Eleven point seven per cent growth seems big enough, given low wage growth and inflation of 1.2 per cent. But what about the context?
According to data from the Office of National statistics (ONS) that 11.7 per cent was dwarfed by London’s figure again: the capital saw house price inflation of 19.6 per cent over the same period.
If that sounds like a big jump, consider that house prices in the North East grew by only 3.8 per cent:
A house in London, on average, now costs £514,000 according to the ONS (other sources, such as Rightmove, have it higher).
That means that for the price of one pad in London you could buy 3.8 in Northern Ireland, the ONS ‘region’ with the lowest average price, or 1.9 average UK houses.
With London house prices bigger and growing faster what effect is that having on overall house price inflation? A fairly big one. The UK excluding London grew at 9.1 per cent in the 12 months to August, compared to 11.7 per cent including it.
This isn’t a new trend either. A look at the data shows that London usually grows faster than the rest of the country, as its voracious demand for property asserts upward pressure on the market.
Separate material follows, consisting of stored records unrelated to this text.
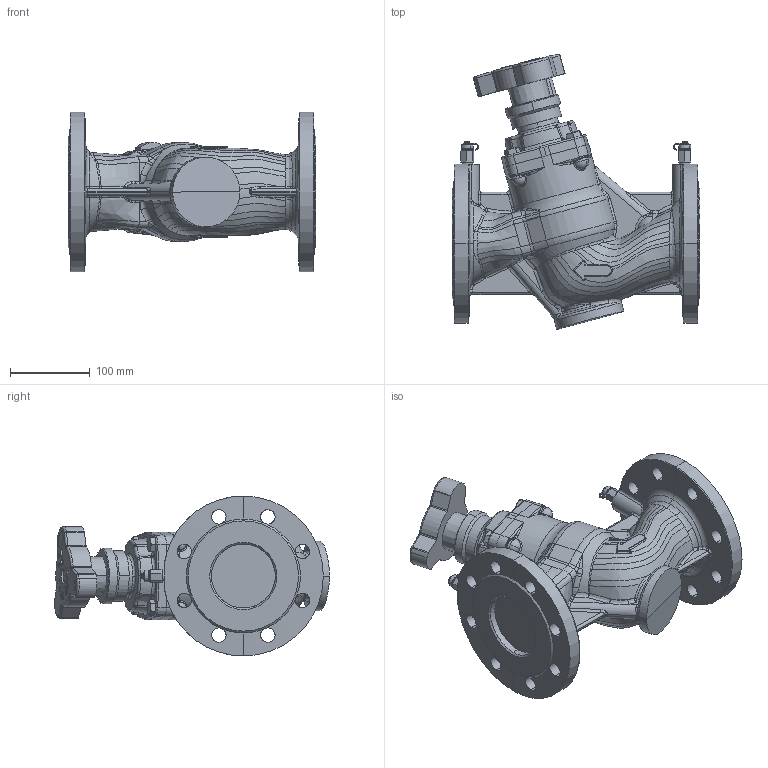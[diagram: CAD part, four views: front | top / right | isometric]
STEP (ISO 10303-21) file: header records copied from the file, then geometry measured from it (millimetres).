
FILE_DESCRIPTION(('CATIA V5 STEP Exchange','CAx-IF Rec.Pracs.--- Model Styling and Organization---1.4--- 2014-01-23','CAx-IF Rec.Pracs.---3D Tessellated Data Validation Properties---0.5---2014-09-14'),'2;1');
FILE_NAME('STEP_130082_-_TST.stp','2021-04-23T11:50:53+00:00',('none'),('none'),'CATIA Version 5-6 Release 2019 SP3','CATIA V5 STEP AP242 v1','none');
FILE_SCHEMA(('AP242_MANAGED_MODEL_BASED_3D_ENGINEERING_MIM_LF {1 0 10303 442 1 1 4}'));
Products named in the file (1): 130082
Bounding box: 310 x 344.15 x 200 mm (x, y, z)
Volume: 4858650.3 mm3; surface area: 337510.2 mm2
Topology: 3 solids, 3 shells, 1409 faces, 3838 edges, 2415 vertices
Faces by surface type: bspline 538, plane 330, cylinder 265, cone 133, torus 104, sphere 39
Entity records: 65377 total; most frequent: CARTESIAN_POINT 38843, ORIENTED_EDGE 7570, EDGE_CURVE 3785, DIRECTION 2547, VERTEX_POINT 2415, B_SPLINE_CURVE_WITH_KNOTS 1633, EDGE_LOOP 1476, ADVANCED_FACE 1408
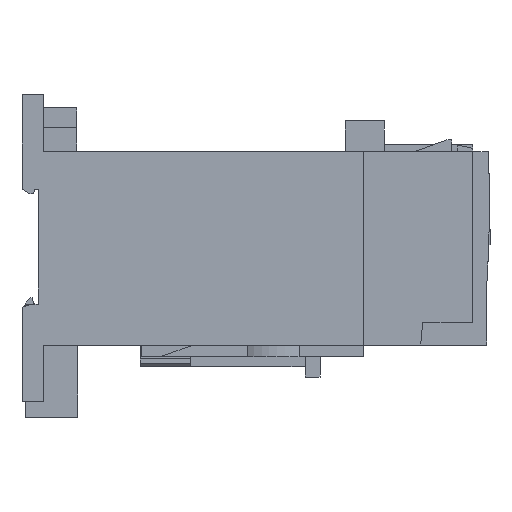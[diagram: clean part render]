
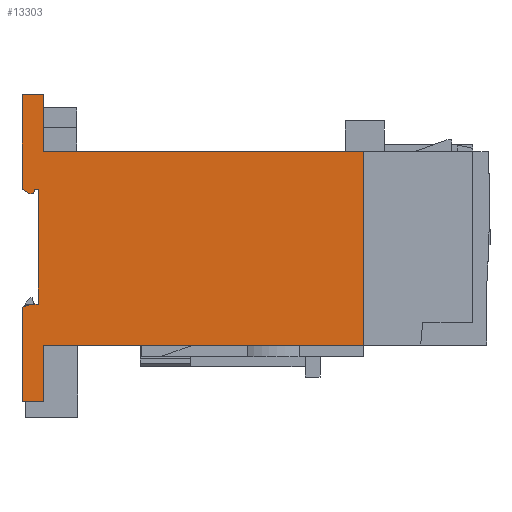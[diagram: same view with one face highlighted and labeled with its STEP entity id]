
A CAD part, left-side view. The second image highlights one B-rep face of the part: STEP entity #13303.
In plain terms, the highlighted planar face has unit normal (-1, 0, 0).
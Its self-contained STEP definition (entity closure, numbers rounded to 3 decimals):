
#3938 = CARTESIAN_POINT ( 'NONE',  ( -60., -165., -95. ) ) ;
#3939 = DIRECTION ( 'NONE',  ( 0., 0., -1. ) ) ;
#3940 = VECTOR ( 'NONE', #3939, 1000. ) ;
#3941 = CARTESIAN_POINT ( 'NONE',  ( -60., -165., -96.5 ) ) ;
#3942 = LINE ( 'NONE', #3941, #3940 ) ;
#3943 = CARTESIAN_POINT ( 'NONE',  ( -60., -165., 4. ) ) ;
#4183 = CARTESIAN_POINT ( 'NONE',  ( -60., -105., 4. ) ) ;
#4184 = DIRECTION ( 'NONE',  ( 0., 0., 1. ) ) ;
#4185 = VECTOR ( 'NONE', #4184, 1000. ) ;
#4186 = CARTESIAN_POINT ( 'NONE',  ( -60., -105., -96.5 ) ) ;
#4187 = LINE ( 'NONE', #4186, #4185 ) ;
#4207 = CARTESIAN_POINT ( 'NONE',  ( -60., -105., -95. ) ) ;
#4855 = CARTESIAN_POINT ( 'NONE',  ( -60., -116.75, -96.5 ) ) ;
#4856 = DIRECTION ( 'NONE',  ( 0., 1., 0. ) ) ;
#4857 = VECTOR ( 'NONE', #4856, 1000. ) ;
#4858 = CARTESIAN_POINT ( 'NONE',  ( -60., -165., -96.5 ) ) ;
#4859 = LINE ( 'NONE', #4858, #4857 ) ;
#4860 = CARTESIAN_POINT ( 'NONE',  ( -60., -152.25, -96.5 ) ) ;
#6874 = CARTESIAN_POINT ( 'NONE',  ( -60., -116.75, -97.55 ) ) ;
#6875 = DIRECTION ( 'NONE',  ( 0., 0.966, 0.259 ) ) ;
#6876 = VECTOR ( 'NONE', #6875, 1000. ) ;
#6877 = CARTESIAN_POINT ( 'NONE',  ( -60., -116.75, -97.55 ) ) ;
#6878 = LINE ( 'NONE', #6877, #6876 ) ;
#6879 = CARTESIAN_POINT ( 'NONE',  ( -60., -118.15, -99.075 ) ) ;
#6880 = CARTESIAN_POINT ( 'NONE',  ( -60., -118.15, -97.925 ) ) ;
#6881 = DIRECTION ( 'NONE',  ( 0., 0., -1. ) ) ;
#6882 = VECTOR ( 'NONE', #6881, 1000. ) ;
#6883 = CARTESIAN_POINT ( 'NONE',  ( -60., -118.15, -95. ) ) ;
#6884 = LINE ( 'NONE', #6883, #6882 ) ;
#6885 = DIRECTION ( 'NONE',  ( 0., 0., -1. ) ) ;
#6886 = DIRECTION ( 'NONE',  ( -1., 0., 0. ) ) ;
#6887 = CARTESIAN_POINT ( 'NONE',  ( -60., -121., -357. ) ) ;
#6888 = AXIS2_PLACEMENT_3D ( 'NONE', #6887, #6886, #6885 ) ;
#6889 = PLANE ( 'NONE',  #6888 ) ;
#6890 = FACE_OUTER_BOUND ( 'NONE', #13304, .T. ) ;
#6939 = DIRECTION ( 'NONE',  ( 0., -0.5, 0.866 ) ) ;
#6940 = VECTOR ( 'NONE', #6939, 1000. ) ;
#6941 = CARTESIAN_POINT ( 'NONE',  ( -60., -118.15, -99.075 ) ) ;
#6942 = LINE ( 'NONE', #6941, #6940 ) ;
#6944 = CARTESIAN_POINT ( 'NONE',  ( -60., -116.75, -101.5 ) ) ;
#6945 = DIRECTION ( 'NONE',  ( 0., 1., 0. ) ) ;
#6946 = VECTOR ( 'NONE', #6945, 1000. ) ;
#6947 = CARTESIAN_POINT ( 'NONE',  ( -60., -118.15, -101.5 ) ) ;
#6952 = LINE ( 'NONE', #6947, #6946 ) ;
#6971 = CARTESIAN_POINT ( 'NONE',  ( -60., -87.5, -95. ) ) ;
#6972 = LINE ( 'NONE', #6971, #7032 ) ;
#6973 = CARTESIAN_POINT ( 'NONE',  ( -60., -87.5, -95. ) ) ;
#6974 = DIRECTION ( 'NONE',  ( 0., 1., 0. ) ) ;
#6975 = VECTOR ( 'NONE', #6974, 1000. ) ;
#6976 = CARTESIAN_POINT ( 'NONE',  ( -60., -87.5, -95. ) ) ;
#6977 = LINE ( 'NONE', #6976, #6975 ) ;
#6978 = DIRECTION ( 'NONE',  ( 0., 1., 0. ) ) ;
#6979 = VECTOR ( 'NONE', #6978, 1000. ) ;
#6980 = CARTESIAN_POINT ( 'NONE',  ( -60., -121., 4. ) ) ;
#6981 = LINE ( 'NONE', #6980, #6979 ) ;
#6982 = DIRECTION ( 'NONE',  ( 0., 1., 0. ) ) ;
#6983 = VECTOR ( 'NONE', #6982, 1000. ) ;
#6984 = CARTESIAN_POINT ( 'NONE',  ( -60., -152.25, -95. ) ) ;
#6985 = LINE ( 'NONE', #6984, #6983 ) ;
#7006 = CARTESIAN_POINT ( 'NONE',  ( -60., -182.5, -95. ) ) ;
#7007 = DIRECTION ( 'NONE',  ( 0., 0., -1. ) ) ;
#7008 = VECTOR ( 'NONE', #7007, 1000. ) ;
#7009 = CARTESIAN_POINT ( 'NONE',  ( -60., -182.5, -95. ) ) ;
#7010 = LINE ( 'NONE', #7009, #7008 ) ;
#7011 = CARTESIAN_POINT ( 'NONE',  ( -60., -182.5, -101.5 ) ) ;
#7012 = DIRECTION ( 'NONE',  ( 0., 1., 0. ) ) ;
#7013 = VECTOR ( 'NONE', #7012, 1000. ) ;
#7014 = CARTESIAN_POINT ( 'NONE',  ( -60., -152.25, -101.5 ) ) ;
#7015 = LINE ( 'NONE', #7014, #7013 ) ;
#7016 = CARTESIAN_POINT ( 'NONE',  ( -60., -153.25, -101.5 ) ) ;
#7017 = DIRECTION ( 'NONE',  ( 0., -0.316, -0.949 ) ) ;
#7018 = VECTOR ( 'NONE', #7017, 1000. ) ;
#7019 = CARTESIAN_POINT ( 'NONE',  ( -60., -156.306, -110.668 ) ) ;
#7020 = LINE ( 'NONE', #7019, #7018 ) ;
#7021 = CARTESIAN_POINT ( 'NONE',  ( -60., -152.25, -98.5 ) ) ;
#7022 = DIRECTION ( 'NONE',  ( 0., 0., -1. ) ) ;
#7023 = VECTOR ( 'NONE', #7022, 1000. ) ;
#7024 = CARTESIAN_POINT ( 'NONE',  ( -60., -152.25, -95. ) ) ;
#7025 = LINE ( 'NONE', #7024, #7023 ) ;
#7026 = DIRECTION ( 'NONE',  ( 0., 0., 1. ) ) ;
#7027 = VECTOR ( 'NONE', #7026, 1000. ) ;
#7028 = CARTESIAN_POINT ( 'NONE',  ( -60., -116.75, -96.5 ) ) ;
#7029 = LINE ( 'NONE', #7028, #7027 ) ;
#7030 = CARTESIAN_POINT ( 'NONE',  ( -60., -87.5, -101.5 ) ) ;
#7031 = DIRECTION ( 'NONE',  ( 0., 0., -1. ) ) ;
#7032 = VECTOR ( 'NONE', #7031, 1000. ) ;
#11499 = VERTEX_POINT ( 'NONE', #3943 ) ;
#11501 = EDGE_CURVE ( 'NONE', #11499, #11502, #3942, .T. ) ;
#11502 = VERTEX_POINT ( 'NONE', #3938 ) ;
#11665 = EDGE_CURVE ( 'NONE', #11689, #11666, #4187, .T. ) ;
#11666 = VERTEX_POINT ( 'NONE', #4183 ) ;
#11689 = VERTEX_POINT ( 'NONE', #4207 ) ;
#11994 = VERTEX_POINT ( 'NONE', #4860 ) ;
#11996 = EDGE_CURVE ( 'NONE', #11994, #11997, #4859, .T. ) ;
#11997 = VERTEX_POINT ( 'NONE', #4855 ) ;
#13303 = ADVANCED_FACE ( 'NONE', ( #6890 ), #6889, .T. ) ;
#13304 = EDGE_LOOP ( 'NONE', ( #13305, #13309, #13312, #13372, #13373, #13376, #13379, #13382, #13359, #13361, #13362, #13364, #13365, #13368, #13344, #13347 ) ) ;
#13305 = ORIENTED_EDGE ( 'NONE', *, *, #13306, .F. ) ;
#13306 = EDGE_CURVE ( 'NONE', #13307, #13308, #6884, .T. ) ;
#13307 = VERTEX_POINT ( 'NONE', #6880 ) ;
#13308 = VERTEX_POINT ( 'NONE', #6879 ) ;
#13309 = ORIENTED_EDGE ( 'NONE', *, *, #13310, .T. ) ;
#13310 = EDGE_CURVE ( 'NONE', #13307, #13311, #6878, .T. ) ;
#13311 = VERTEX_POINT ( 'NONE', #6874 ) ;
#13312 = ORIENTED_EDGE ( 'NONE', *, *, #13371, .T. ) ;
#13344 = ORIENTED_EDGE ( 'NONE', *, *, #13345, .F. ) ;
#13345 = EDGE_CURVE ( 'NONE', #13346, #13370, #6952, .T. ) ;
#13346 = VERTEX_POINT ( 'NONE', #6944 ) ;
#13347 = ORIENTED_EDGE ( 'NONE', *, *, #13348, .T. ) ;
#13348 = EDGE_CURVE ( 'NONE', #13346, #13308, #6942, .T. ) ;
#13359 = ORIENTED_EDGE ( 'NONE', *, *, #13360, .T. ) ;
#13360 = EDGE_CURVE ( 'NONE', #13384, #11502, #6985, .T. ) ;
#13361 = ORIENTED_EDGE ( 'NONE', *, *, #11501, .F. ) ;
#13362 = ORIENTED_EDGE ( 'NONE', *, *, #13363, .T. ) ;
#13363 = EDGE_CURVE ( 'NONE', #11499, #11666, #6981, .T. ) ;
#13364 = ORIENTED_EDGE ( 'NONE', *, *, #11665, .F. ) ;
#13365 = ORIENTED_EDGE ( 'NONE', *, *, #13366, .T. ) ;
#13366 = EDGE_CURVE ( 'NONE', #11689, #13367, #6977, .T. ) ;
#13367 = VERTEX_POINT ( 'NONE', #6973 ) ;
#13368 = ORIENTED_EDGE ( 'NONE', *, *, #13369, .T. ) ;
#13369 = EDGE_CURVE ( 'NONE', #13367, #13370, #6972, .T. ) ;
#13370 = VERTEX_POINT ( 'NONE', #7030 ) ;
#13371 = EDGE_CURVE ( 'NONE', #13311, #11997, #7029, .T. ) ;
#13372 = ORIENTED_EDGE ( 'NONE', *, *, #11996, .F. ) ;
#13373 = ORIENTED_EDGE ( 'NONE', *, *, #13374, .T. ) ;
#13374 = EDGE_CURVE ( 'NONE', #11994, #13375, #7025, .T. ) ;
#13375 = VERTEX_POINT ( 'NONE', #7021 ) ;
#13376 = ORIENTED_EDGE ( 'NONE', *, *, #13377, .T. ) ;
#13377 = EDGE_CURVE ( 'NONE', #13375, #13378, #7020, .T. ) ;
#13378 = VERTEX_POINT ( 'NONE', #7016 ) ;
#13379 = ORIENTED_EDGE ( 'NONE', *, *, #13380, .F. ) ;
#13380 = EDGE_CURVE ( 'NONE', #13381, #13378, #7015, .T. ) ;
#13381 = VERTEX_POINT ( 'NONE', #7011 ) ;
#13382 = ORIENTED_EDGE ( 'NONE', *, *, #13383, .F. ) ;
#13383 = EDGE_CURVE ( 'NONE', #13384, #13381, #7010, .T. ) ;
#13384 = VERTEX_POINT ( 'NONE', #7006 ) ;

London’s story in the crisis is different to other regions’. It has recovered faster, regaining its pre-crisis peak long before the rest of the UK, with or without its inclusion in the sums.
The dotted lines represent the pre-crisis peaks for the three series. Note this is indexed data and that the bases (100 points) was set by the ONS in February 2002.
In April 2012, three years and three months after its January 2008 peak, London’s house prices regained their former lustre.
It wasn’t until October 2013 – 18 months later – that the UK followed suit. But, take London out of the equation, and the rest of the UK recovered in May this year – two years later.